When you go after the creatives for producing a game that has yet another interchangeable white brown-haired rage monster as a protagonist, surrounded by disposable women and dead minorities, you're hitting the wrong target. It's the money guys. It's the people with the purse strings, who have invested enough cash into the project that they don't want to risk even a handful of lost sales due to a protagonist/viewpoint character who isn't the most generic human possible, stuck in the most generic plot possible.

Even those money guys, as short-sighted as they may seem, aren't being conservative for no reason. Pop culture in the 2000s, and so far the 2010s, is dominated by sure things and existing franchises, with only a handful of new works that have managed to barely scrape out a handhold. In a medium meant to replicate an experience, enough end users will apparently drop off if you deviate from that pictured norm--i.e. 80% of Mass Effect players using a male avatar, or Prototype 2 switching to a black protagonist and subsequently underperforming--that it may be the difference between a profit and a loss. Even the most well-meaning, liberal producer is going to find it difficult to argue for inclusion and diversity in the face of being responsible for an eight-figure budget and the future of their company. They're probably going to try to find workarounds (create-a-protagonist, clever writing, threadbare plots that only sort of justify the action, acknowledging the cliche outright even as they embody it), but they're going to fall in line.

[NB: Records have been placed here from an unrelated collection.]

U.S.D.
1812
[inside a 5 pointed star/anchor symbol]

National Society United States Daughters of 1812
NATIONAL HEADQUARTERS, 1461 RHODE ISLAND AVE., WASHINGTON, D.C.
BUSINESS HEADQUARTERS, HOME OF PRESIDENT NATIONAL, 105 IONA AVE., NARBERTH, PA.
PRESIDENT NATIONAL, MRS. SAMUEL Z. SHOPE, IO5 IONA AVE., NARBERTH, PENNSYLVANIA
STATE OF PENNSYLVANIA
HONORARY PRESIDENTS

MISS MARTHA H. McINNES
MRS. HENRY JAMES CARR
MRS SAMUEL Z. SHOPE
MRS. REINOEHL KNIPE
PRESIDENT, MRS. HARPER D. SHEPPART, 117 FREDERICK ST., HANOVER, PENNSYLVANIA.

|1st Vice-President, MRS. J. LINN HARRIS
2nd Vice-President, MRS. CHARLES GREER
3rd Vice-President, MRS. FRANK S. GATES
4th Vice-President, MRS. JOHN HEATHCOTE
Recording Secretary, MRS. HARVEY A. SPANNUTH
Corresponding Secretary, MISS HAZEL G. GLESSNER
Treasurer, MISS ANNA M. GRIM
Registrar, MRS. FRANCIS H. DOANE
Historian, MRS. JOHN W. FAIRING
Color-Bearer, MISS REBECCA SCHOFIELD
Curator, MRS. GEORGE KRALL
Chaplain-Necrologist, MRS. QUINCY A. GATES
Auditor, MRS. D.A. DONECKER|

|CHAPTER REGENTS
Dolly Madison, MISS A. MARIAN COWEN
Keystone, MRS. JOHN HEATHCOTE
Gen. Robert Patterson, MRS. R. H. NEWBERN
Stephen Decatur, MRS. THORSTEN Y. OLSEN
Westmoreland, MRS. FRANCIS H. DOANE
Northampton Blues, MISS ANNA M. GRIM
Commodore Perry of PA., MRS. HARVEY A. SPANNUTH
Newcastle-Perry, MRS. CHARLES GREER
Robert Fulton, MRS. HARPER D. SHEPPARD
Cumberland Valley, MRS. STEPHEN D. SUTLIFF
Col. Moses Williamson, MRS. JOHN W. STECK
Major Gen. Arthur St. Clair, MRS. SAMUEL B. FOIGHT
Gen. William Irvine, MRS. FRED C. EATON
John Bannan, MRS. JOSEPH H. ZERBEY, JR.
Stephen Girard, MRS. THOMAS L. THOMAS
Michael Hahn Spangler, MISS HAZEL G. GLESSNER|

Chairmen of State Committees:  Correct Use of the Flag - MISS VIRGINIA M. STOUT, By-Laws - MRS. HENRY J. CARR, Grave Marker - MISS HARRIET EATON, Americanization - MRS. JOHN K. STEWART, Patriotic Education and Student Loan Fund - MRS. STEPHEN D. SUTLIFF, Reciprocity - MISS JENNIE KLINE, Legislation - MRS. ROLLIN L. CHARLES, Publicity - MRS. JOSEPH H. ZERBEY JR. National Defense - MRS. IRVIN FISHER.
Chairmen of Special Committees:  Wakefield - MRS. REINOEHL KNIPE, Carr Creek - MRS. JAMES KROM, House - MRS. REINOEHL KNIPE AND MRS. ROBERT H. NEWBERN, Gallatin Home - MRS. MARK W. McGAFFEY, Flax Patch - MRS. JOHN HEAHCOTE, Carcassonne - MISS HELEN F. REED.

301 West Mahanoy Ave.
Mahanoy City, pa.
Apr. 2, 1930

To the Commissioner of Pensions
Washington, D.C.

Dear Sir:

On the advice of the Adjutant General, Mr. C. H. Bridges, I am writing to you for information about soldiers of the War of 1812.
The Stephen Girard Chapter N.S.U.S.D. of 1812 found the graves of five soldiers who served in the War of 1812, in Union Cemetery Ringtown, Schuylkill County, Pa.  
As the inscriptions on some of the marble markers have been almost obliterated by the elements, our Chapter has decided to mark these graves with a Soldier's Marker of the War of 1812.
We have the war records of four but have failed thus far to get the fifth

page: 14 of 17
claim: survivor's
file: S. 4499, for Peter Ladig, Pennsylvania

When publishers want to take Elizabeth off the cover of BioShock Infinite, or Ellie off the cover of The Last of Us, it's not necessarily because they're out-of-touch sexist bastards; it's because they have focus groups and market data that tell them that these are genuine risk factors in a market that's already volatile.

Thus, it's like this:

"Why are white people so over-represented in media?"
"Because of money."
"Why does the money think that?"
"Because it's a high-risk environment and they're trying to remove risks."
"Why do they think it's a risk?"
"Because the data told them so."

It's a vicious cycle, and the only way out is probably through grassroots support: looking outside the mainstream for your entertainment needs, then building those works up until they have at least as much cultural relevance as the mainstream does. There's no point, if you want to change the representation game, of challenging Hollywood or the games industry, because the creatives probably agree with you but are handcuffed by their own money managers.

To some extent, the same argument probably applies if you aren't concerned about the representation game, but are instead concerned about the predominance of sequels and franchises in pop culture. The mainstream is almost never going to be where you go to get challenged, because they're forced to cast as wide a net as possible. You have to take a chance with your entertainment dollar on things you may never have heard of before, whether that means a $3 comic, a $10 movie, or a $60 game. Otherwise, you're part of the problem.

This doesn't mean that you have to abandon the mainstream entirely, of course, or that the mainstream isn't capable of producing fun, interesting, or challenging work. It's simply that it's McDonald's, and no matter how often you ask, or who you ask, or what you think, or why, McDonald's doesn't sell filet mignon. If you want something else, then you need to go somewhere other than McDonald's.